The usual ritual was followed, and it followed the time honoured pattern: The re-tracing of steps, real or imagined, was acted out, accompanied by tapping of likely and unlikely pockets, and the expected obvious questions about obvious places where the key might be lurking were asked. “Have you looked in your laptop bag?” “Are you sure you didn’t lock them in the car?” You must know the routine.
Long story short: A couple of days later, after exhausting every avenue of possibility and improbability, I thought that I’d ring the local police station in Reigate, Surrey, where we live, just in case some nice person had handed the key in. There are a lot of nice people in Reigate who are just the sort who hand in lost property to the police.
In fact Surrey is the county in Great Britain that has the lowest crime figures of any county, and Reigate seems to be the the town in Surrey that’s least troubled by crime.
The police here all look as though they could do with some exercise, if you know what I mean.
I walked to the police station, which was very quiet, entered the reception area and pressed a buzzer for attention. I was eventually greeted by a policewoman who, how can I put this - well, if I were a robber and I was hightailing it up Reigate High Street with a bag of stolen pies and looked over my shoulder to see who was giving chase, I’d be very happy to find that it was she; in fact I’d probably chuck a couple of the pies behind me to slow her even more - was in need of a bit of exercise.
You will be happy to learn that we are now approaching the point of this story… The policewoman placed a small yellow plastic crate filled with car keys onto the reception counter and instructed me to “look through that lot”. It was the sort of little crate that you might keep spare lightbulbs in. Not very sturdy, and most likely bought at extremely low price from a discount hardware shop.
She then left the reception area and left me alone with the keys, which made me start to wonder about the security implications of her action, what with me suddenly being able to help myself to other peoples’ property (in the unlikey but not impossible event that I could somehow locate it).
Staring at the crate filled me with a completely unexpected sadness.
There were probably sixty to seventy car keys fobs in that yellow plastic basket. Some had just one lonely key and others sported leather and plastic tabs with the car maker’s name embossed upon them. Many of the keyrings sported multiple bunches of keys, not just for cars, but doors, padlocks and windows. People had somehow lost not just their keys but their ability to get back into their lives and their houses too, and I knew full well from my recent hours and hours of futile, desperate searching what quasi-madness can be induced by the loss of something so familiar and necessary as a car key. Here was the antithetical and simultaneous mixture of grieving and hoping contained in my own search repeated sixty or seventy fold, right in front of me. I reminded myself that I was lucky in that I still had my house keys and could at least get back into my own home.
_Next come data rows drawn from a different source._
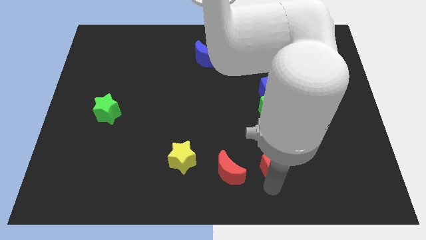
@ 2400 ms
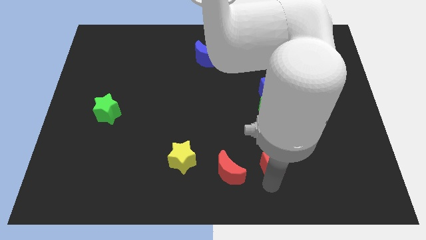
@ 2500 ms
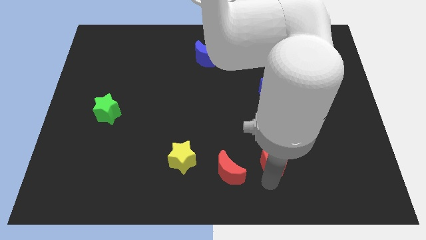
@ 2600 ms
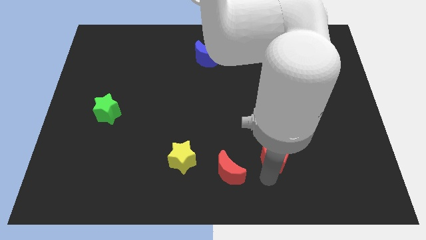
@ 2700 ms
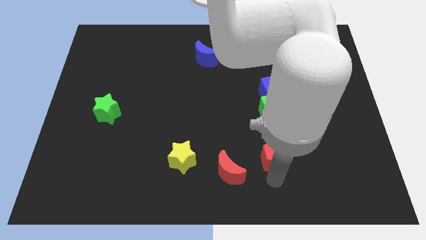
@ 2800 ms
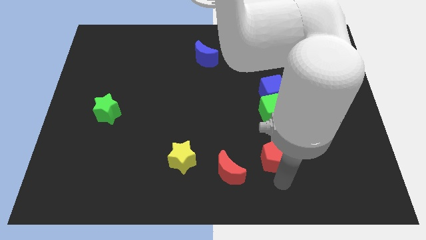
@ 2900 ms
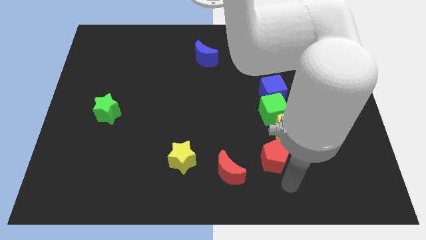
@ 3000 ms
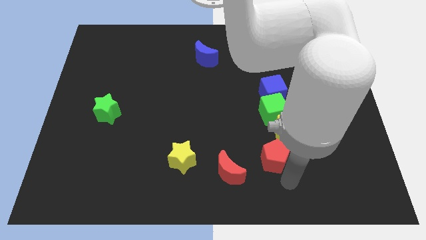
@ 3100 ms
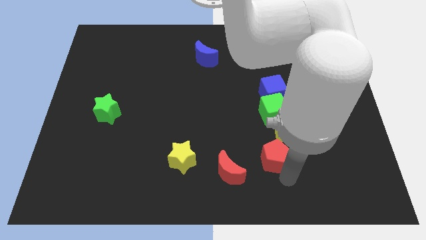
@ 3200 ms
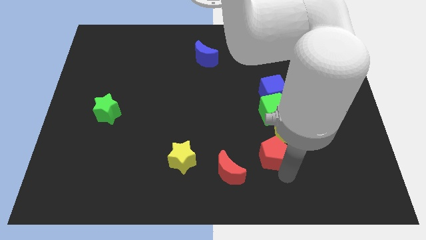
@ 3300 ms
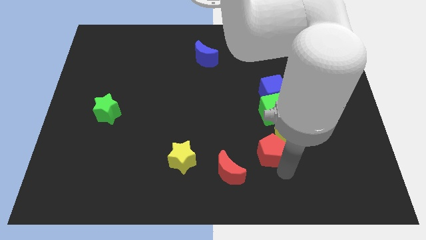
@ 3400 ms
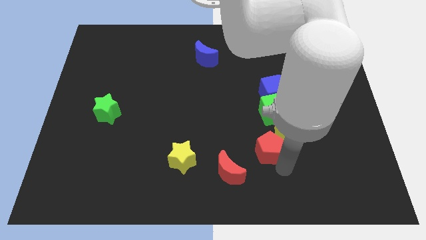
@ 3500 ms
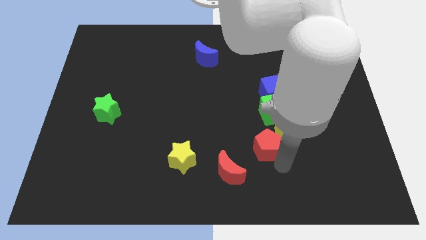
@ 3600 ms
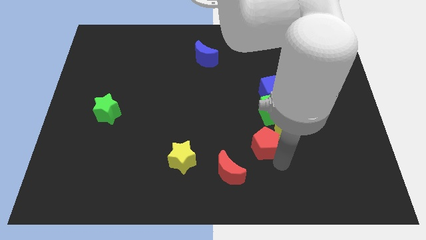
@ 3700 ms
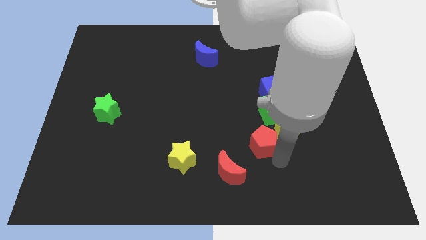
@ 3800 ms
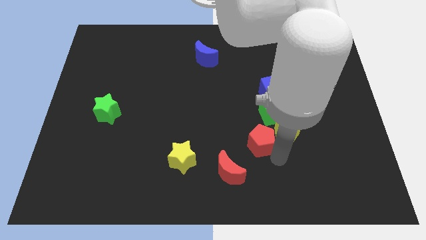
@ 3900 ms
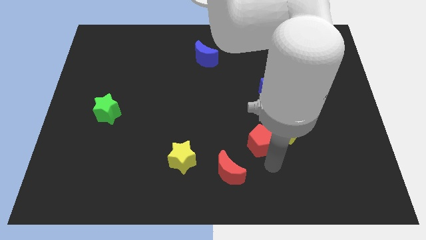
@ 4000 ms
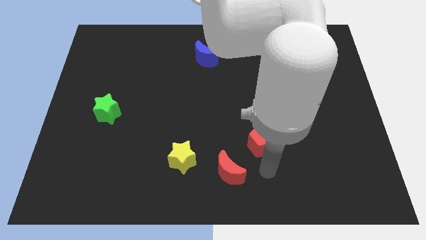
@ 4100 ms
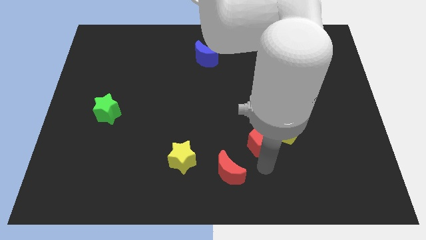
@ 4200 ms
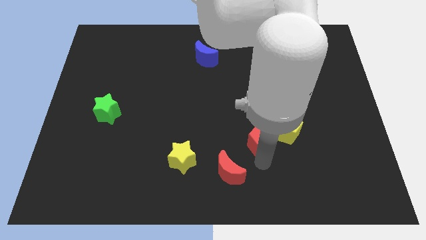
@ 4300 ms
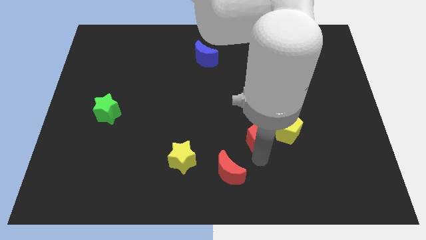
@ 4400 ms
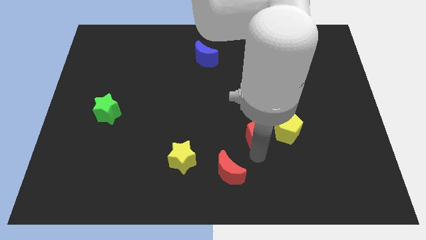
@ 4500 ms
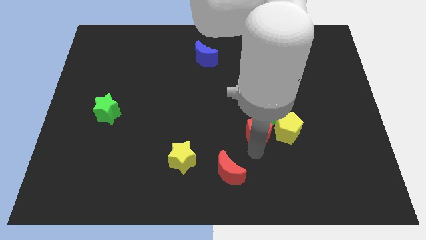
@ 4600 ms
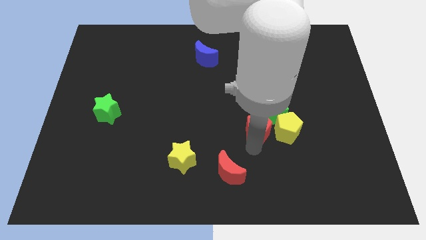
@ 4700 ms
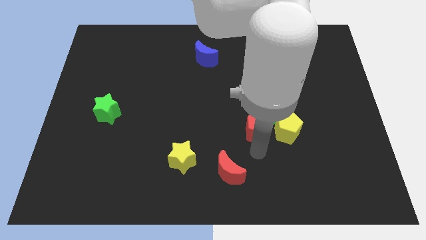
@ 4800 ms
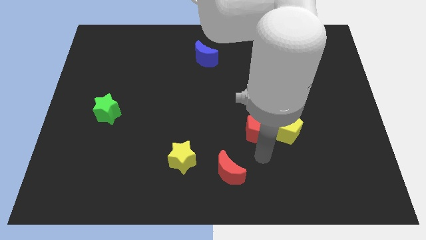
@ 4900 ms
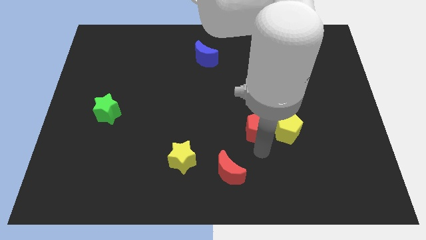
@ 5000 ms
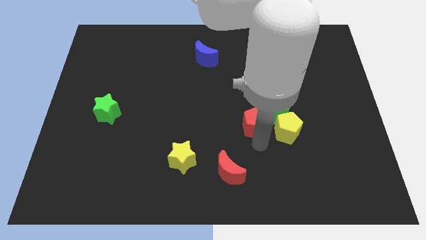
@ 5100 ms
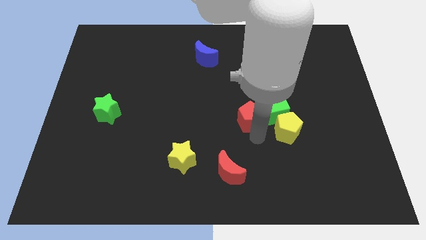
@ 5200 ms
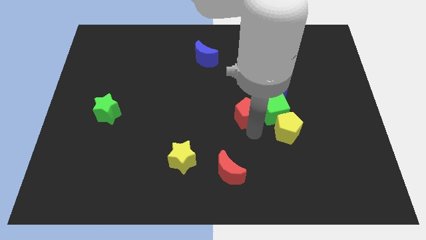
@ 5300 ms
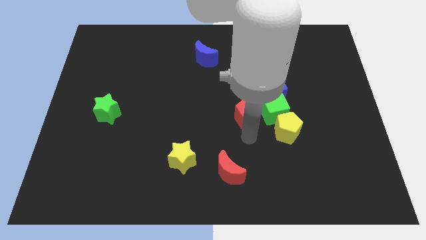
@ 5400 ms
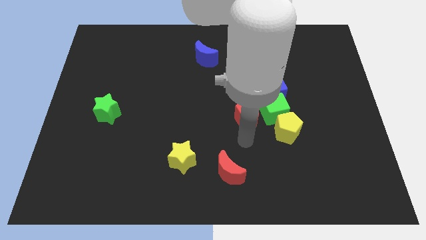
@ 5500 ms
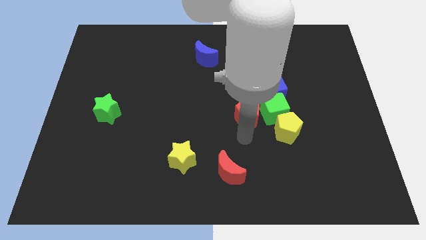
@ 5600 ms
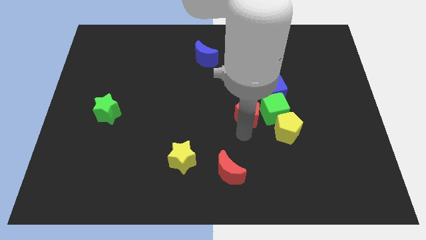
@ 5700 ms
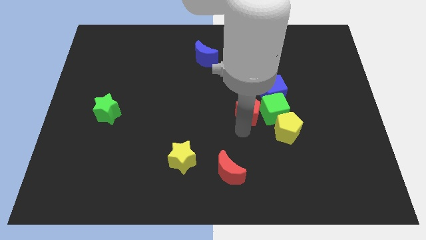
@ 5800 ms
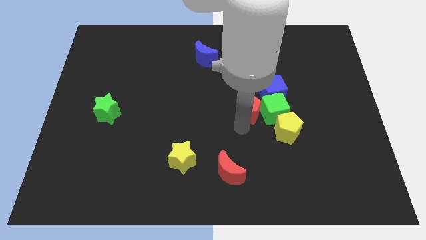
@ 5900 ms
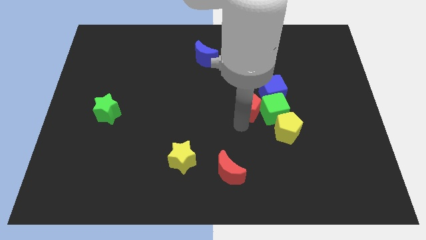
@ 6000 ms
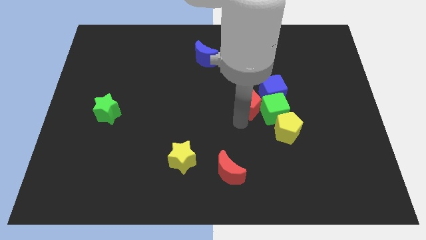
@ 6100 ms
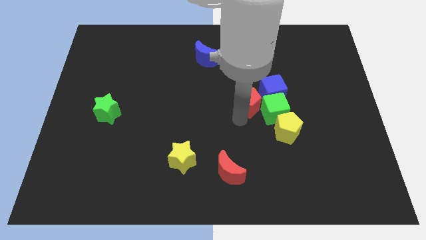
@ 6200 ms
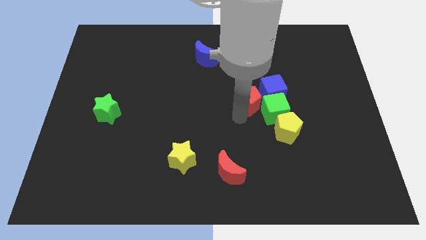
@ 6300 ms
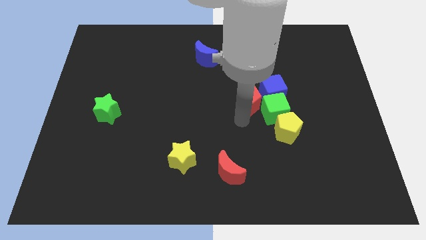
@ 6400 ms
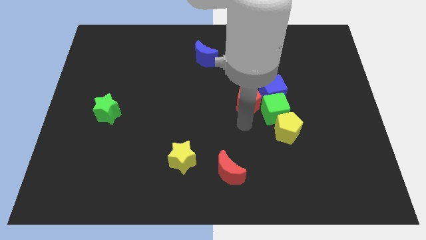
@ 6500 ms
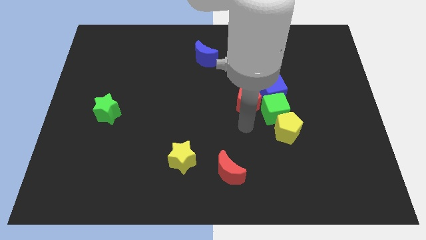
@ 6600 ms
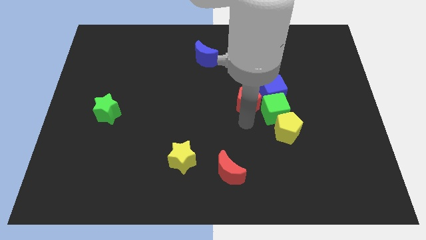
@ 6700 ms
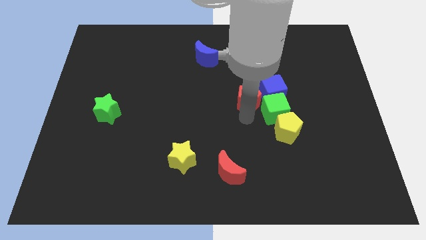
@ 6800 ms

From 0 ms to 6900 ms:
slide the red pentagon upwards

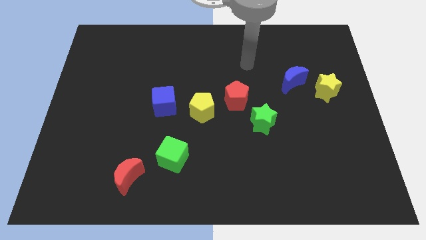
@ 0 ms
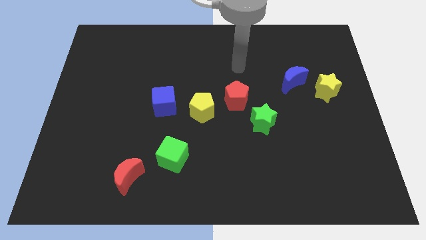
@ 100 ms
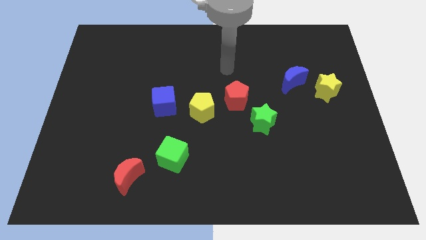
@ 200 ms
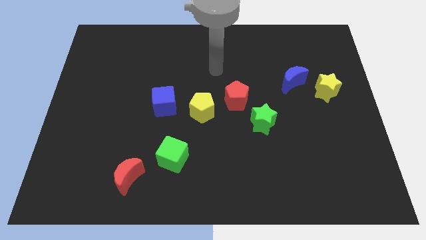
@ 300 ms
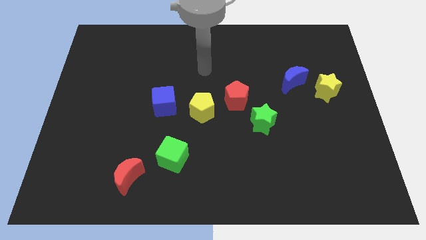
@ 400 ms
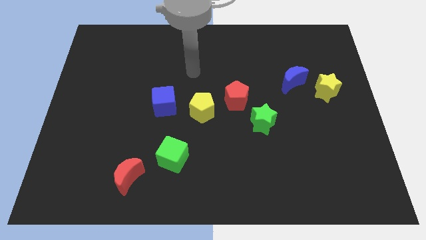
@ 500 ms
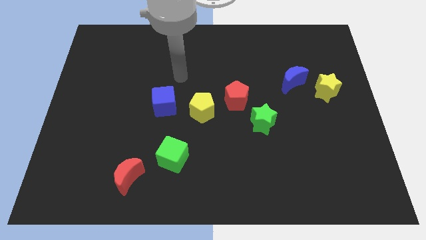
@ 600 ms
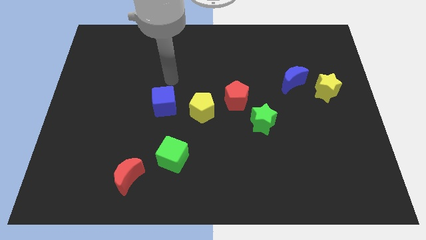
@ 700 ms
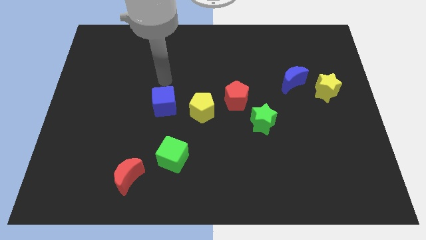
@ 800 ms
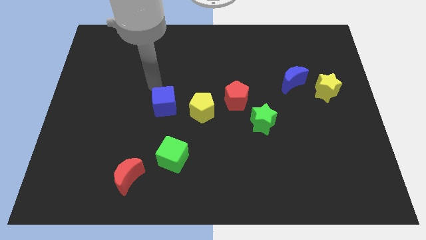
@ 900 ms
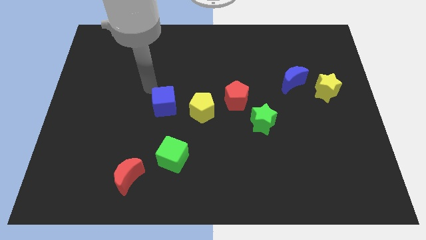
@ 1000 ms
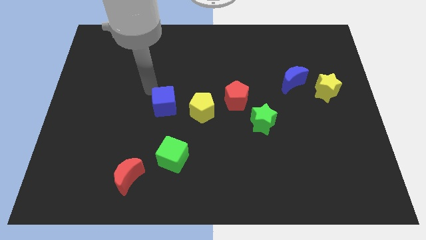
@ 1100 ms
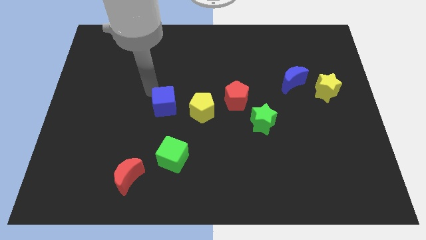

The thing that really gutted me though, was that there were so many bunches of keys that had engraved fobs with the owners telephone number clearly visible. Drivers had prudently planned against the day when they might accidentally lose their keys, and the fobs carried pathetic little pleas such as “If found, please call this number”, or “Reward for the return of these keys”. A few of the tags were provided by expensive car key loss insurance schemes. Yet all these keys were still in the cheap little crate and quite obviously no attempt had been made to reunite the marked ones with their owners. I guessed that like myself, other arrangements would have been made by now; new locks, new keys, and so on.
I didn’t find my key, but I did take comfort in the acts of kindness shown by the nice people of Reigate who had been taking the trouble to bring other people’s lost car keys into the police station, which was a cheering thought, tinged with some sourness by the inaction of the new guardians of the keys who nullified all that goodwill by failing to make any effort to re-unite them with their owners.
I pressed the buzzer to let the duty policewoman know that I was leaving, and asked in parting why the police had not at least phoned the owners of the keys whose fobs had phone numbers. She replied “We ain’t got time, love.”
Perhaps it would be a good job to give to the more trusted people among those who are doing community service instead of a jail sentence. If there are any such (forced) community service people in Reigate, that is.








































3 Comments
SO I am curious to know whether you found your car key - and if you have had another cut yet. One each could solve so much marital stife!!
P.S. You are still better than me. Sometimes I can’t remember where I left my car - especially on those rare occasions when I leave it for a weekend in a multi storey jobbie.
i’m curious about those questions too, but a far more profound one will now torment me:
isn’t there just the slightest little inconsistancy between these poor police with too much time on their hands, and NOT HAVING ENOUGH TIME TO PHONE THE BLANKING KEY HOLDERS????!?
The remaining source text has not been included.